# [Task to complete]
Please set down exactly the lines of the listing below from the line containing "Q: Is the text italic" through the line containing "Q: Monospaced? A: No.", both lines included, leaving out all other lines.

# [Source records]
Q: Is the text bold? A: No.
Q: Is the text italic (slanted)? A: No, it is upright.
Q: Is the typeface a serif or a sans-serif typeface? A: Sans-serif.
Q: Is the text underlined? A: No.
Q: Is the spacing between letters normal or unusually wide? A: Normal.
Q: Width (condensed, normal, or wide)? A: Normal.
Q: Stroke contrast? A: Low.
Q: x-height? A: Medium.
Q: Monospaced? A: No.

* * *

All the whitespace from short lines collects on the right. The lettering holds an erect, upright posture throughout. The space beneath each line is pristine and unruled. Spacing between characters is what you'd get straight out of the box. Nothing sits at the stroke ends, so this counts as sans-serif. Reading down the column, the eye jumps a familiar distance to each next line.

# [Task output]
Q: Is the text italic (slanted)? A: No, it is upright.
Q: Is the typeface a serif or a sans-serif typeface? A: Sans-serif.
Q: Is the text underlined? A: No.
Q: Is the spacing between letters normal or unusually wide? A: Normal.
Q: Width (condensed, normal, or wide)? A: Normal.
Q: Stroke contrast? A: Low.
Q: x-height? A: Medium.
Q: Monospaced? A: No.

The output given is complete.